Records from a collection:
#####

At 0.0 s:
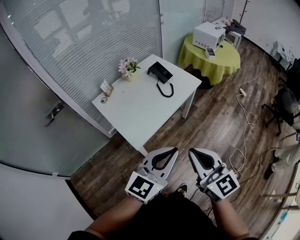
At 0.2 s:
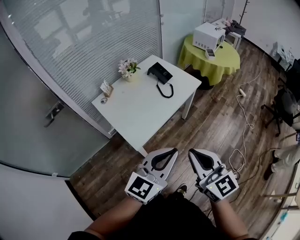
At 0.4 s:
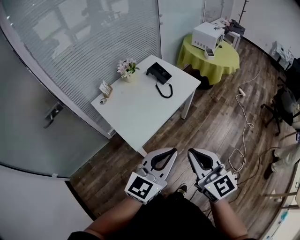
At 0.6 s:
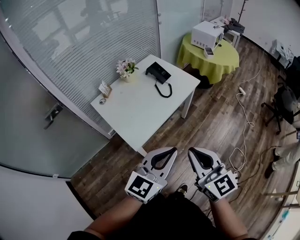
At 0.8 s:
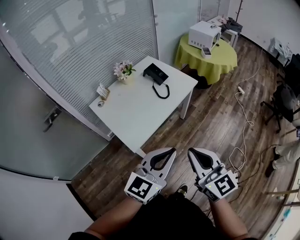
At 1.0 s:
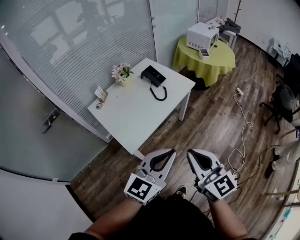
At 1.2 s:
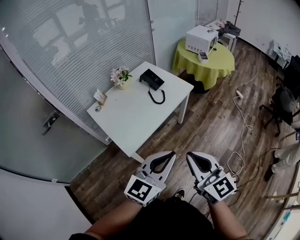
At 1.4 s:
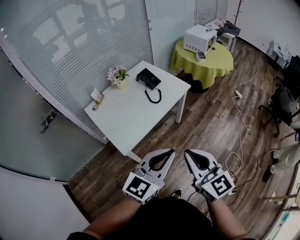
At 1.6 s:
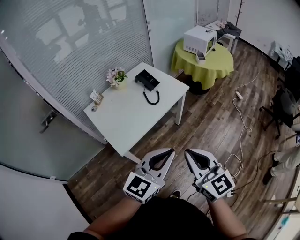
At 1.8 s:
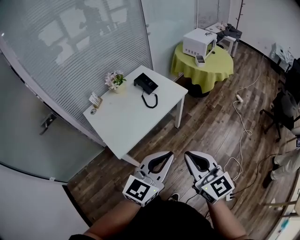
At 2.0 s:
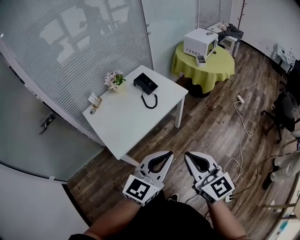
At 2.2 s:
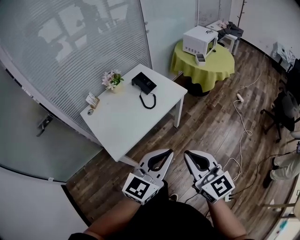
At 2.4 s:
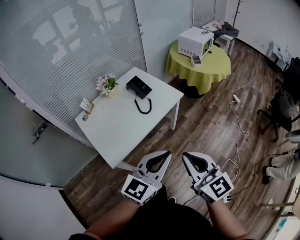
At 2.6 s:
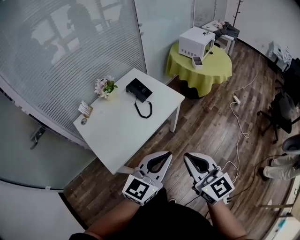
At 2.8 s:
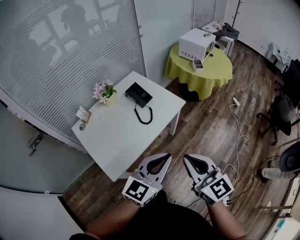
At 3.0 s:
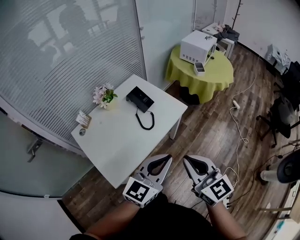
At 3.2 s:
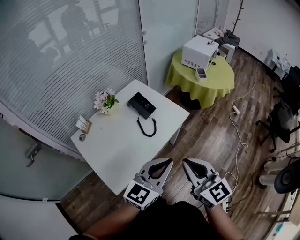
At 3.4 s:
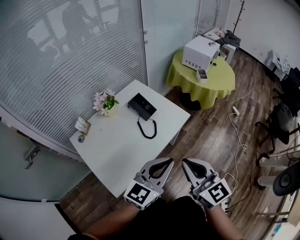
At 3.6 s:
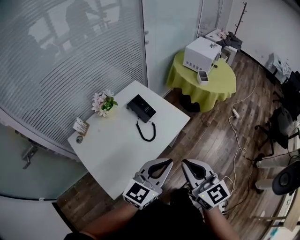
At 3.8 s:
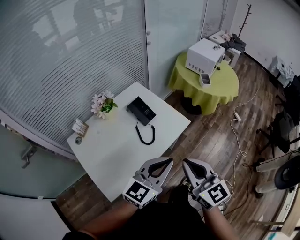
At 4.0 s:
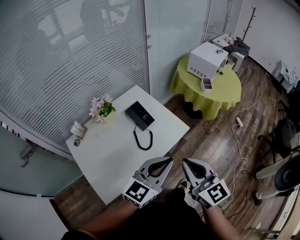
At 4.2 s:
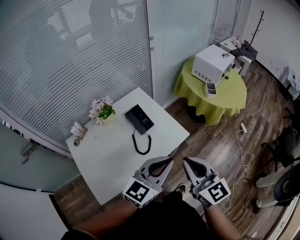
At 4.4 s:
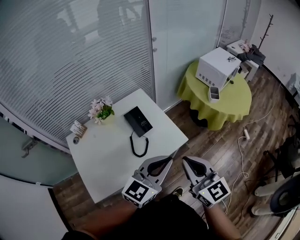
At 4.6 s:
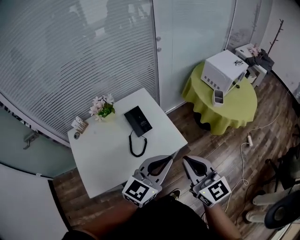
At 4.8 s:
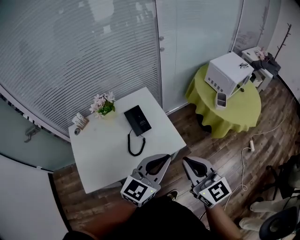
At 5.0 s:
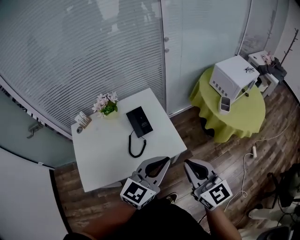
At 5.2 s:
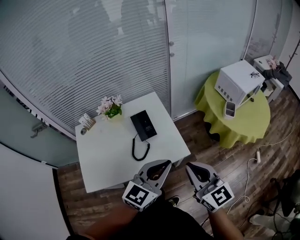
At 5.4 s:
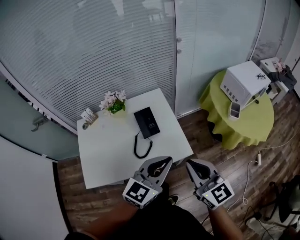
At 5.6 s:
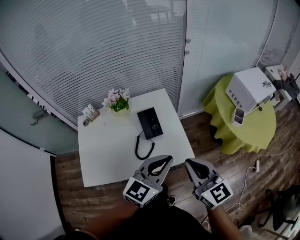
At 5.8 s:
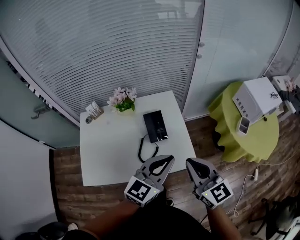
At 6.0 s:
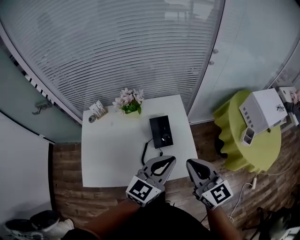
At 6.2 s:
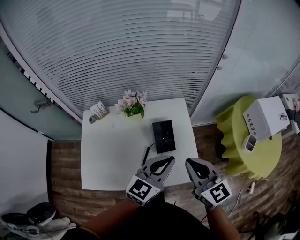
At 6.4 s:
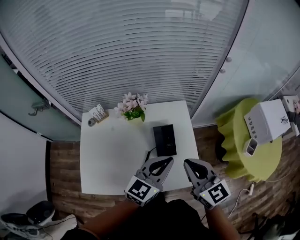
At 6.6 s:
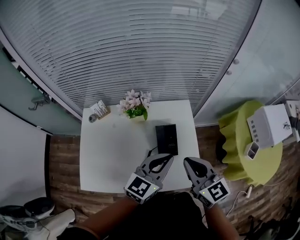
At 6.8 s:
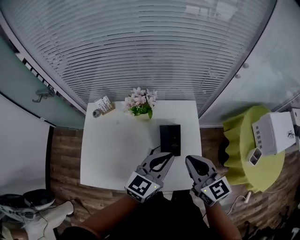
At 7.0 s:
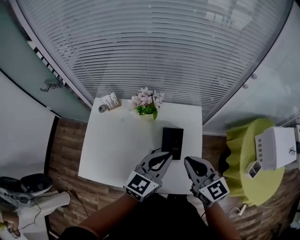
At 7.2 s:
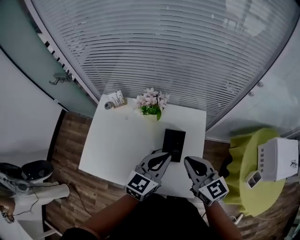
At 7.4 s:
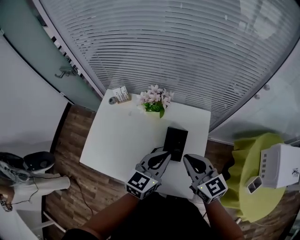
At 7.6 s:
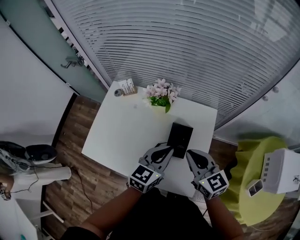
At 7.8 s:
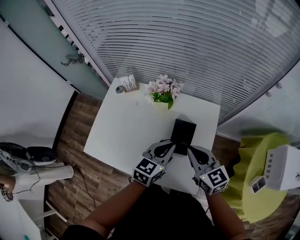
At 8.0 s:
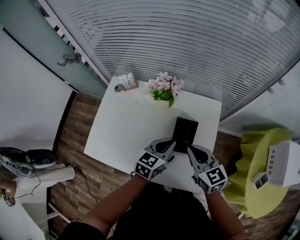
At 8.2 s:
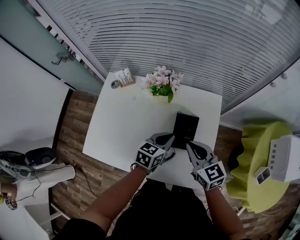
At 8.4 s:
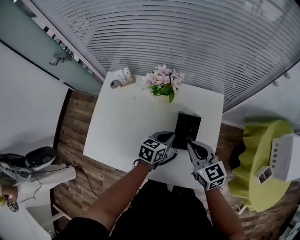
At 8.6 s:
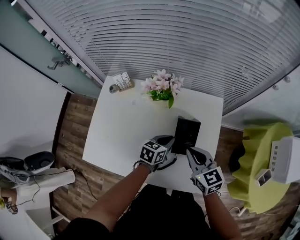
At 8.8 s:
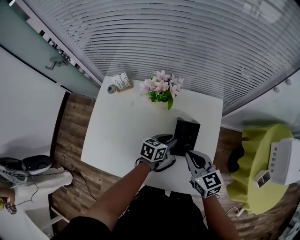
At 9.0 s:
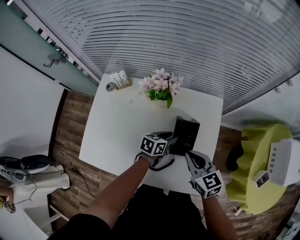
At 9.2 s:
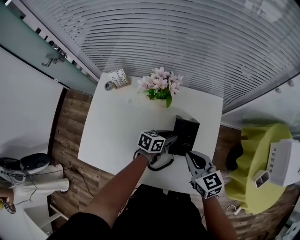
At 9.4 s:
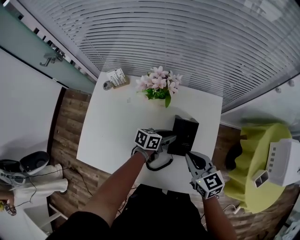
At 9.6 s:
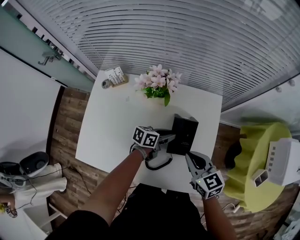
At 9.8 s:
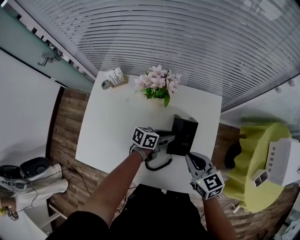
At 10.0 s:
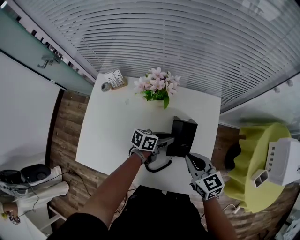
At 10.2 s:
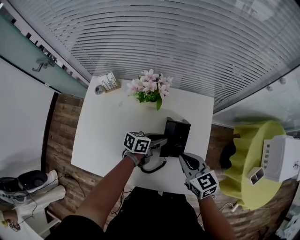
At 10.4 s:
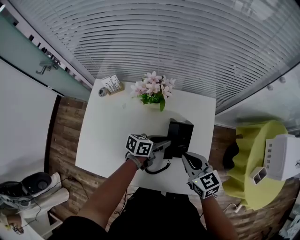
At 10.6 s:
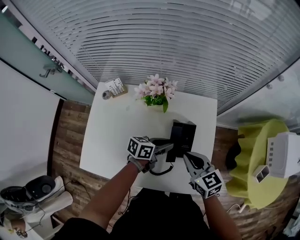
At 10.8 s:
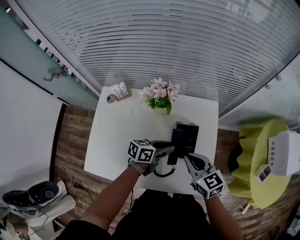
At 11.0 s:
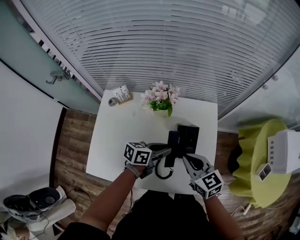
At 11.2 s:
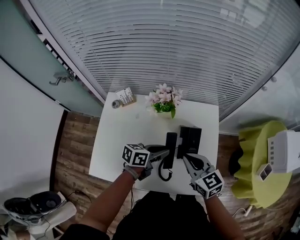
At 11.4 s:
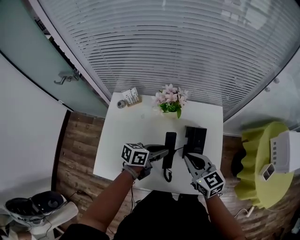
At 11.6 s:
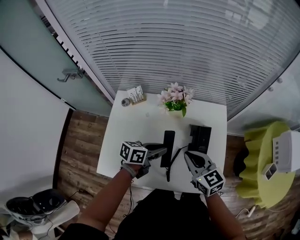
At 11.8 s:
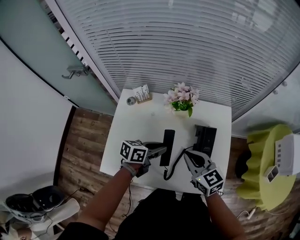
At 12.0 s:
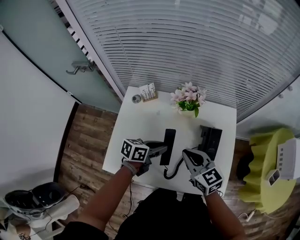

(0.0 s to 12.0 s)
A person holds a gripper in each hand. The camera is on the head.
0.0 s - 1.6 s: The two grippers go about 10 cm to the right.
1.6 s - 3.0 s: Both grippers move forward, about 20 cm.
3.0 s - 4.4 s: Both grippers travel together forward, approximately 25 cm.
4.4 s - 6.0 s: The right gripper moves some 20 cm, and swivels roughly 30 degrees, while the left gripper ends up some 15 cm from where it was, and swivels some 30 degrees.
6.0 s - 7.6 s: The left gripper ends up some 15 cm from where it was, and rotates approximately 30 degrees; the right gripper changes place by about 20 cm, and changes its angle by some 30 degrees.
7.6 s - 9.0 s: The right gripper heads downward, covering roughly 10 cm; the left gripper shifts approximately 25 cm downward, turns by some 40 degrees, and opens its fingers.
9.0 s - 10.4 s: The grippers stay close to where they were, moving slightly.
10.4 s - 12.0 s: The right gripper goes roughly 15 cm to the left; the left gripper shifts approximately 20 cm to the left and backward.

#####

> [Task]: Word for word, give back each entry from above, but skip any picture.

> [Completed task]:
At 0.0 s:
At 0.2 s:
At 0.4 s:
At 0.6 s:
At 0.8 s:
At 1.0 s:
At 1.2 s:
At 1.4 s:
At 1.6 s:
At 1.8 s:
At 2.0 s:
At 2.2 s:
At 2.4 s:
At 2.6 s:
At 2.8 s:
At 3.0 s:
At 3.2 s:
At 3.4 s:
At 3.6 s:
At 3.8 s:
At 4.0 s:
At 4.2 s:
At 4.4 s:
At 4.6 s:
At 4.8 s:
At 5.0 s:
At 5.2 s:
At 5.4 s:
At 5.6 s:
At 5.8 s:
At 6.0 s:
At 6.2 s:
At 6.4 s:
At 6.6 s:
At 6.8 s:
At 7.0 s:
At 7.2 s:
At 7.4 s:
At 7.6 s:
At 7.8 s:
At 8.0 s:
At 8.2 s:
At 8.4 s:
At 8.6 s:
At 8.8 s:
At 9.0 s:
At 9.2 s:
At 9.4 s:
At 9.6 s:
At 9.8 s:
At 10.0 s:
At 10.2 s:
At 10.4 s:
At 10.6 s:
At 10.8 s:
At 11.0 s:
At 11.2 s:
At 11.4 s:
At 11.6 s:
At 11.8 s:
At 12.0 s:

(0.0 s to 12.0 s)
A person holds a gripper in each hand. The camera is on the head.
0.0 s - 1.6 s: The two grippers go about 10 cm to the right.
1.6 s - 3.0 s: Both grippers move forward, about 20 cm.
3.0 s - 4.4 s: Both grippers travel together forward, approximately 25 cm.
4.4 s - 6.0 s: The right gripper moves some 20 cm, and swivels roughly 30 degrees, while the left gripper ends up some 15 cm from where it was, and swivels some 30 degrees.
6.0 s - 7.6 s: The left gripper ends up some 15 cm from where it was, and rotates approximately 30 degrees; the right gripper changes place by about 20 cm, and changes its angle by some 30 degrees.
7.6 s - 9.0 s: The right gripper heads downward, covering roughly 10 cm; the left gripper shifts approximately 25 cm downward, turns by some 40 degrees, and opens its fingers.
9.0 s - 10.4 s: The grippers stay close to where they were, moving slightly.
10.4 s - 12.0 s: The right gripper goes roughly 15 cm to the left; the left gripper shifts approximately 20 cm to the left and backward.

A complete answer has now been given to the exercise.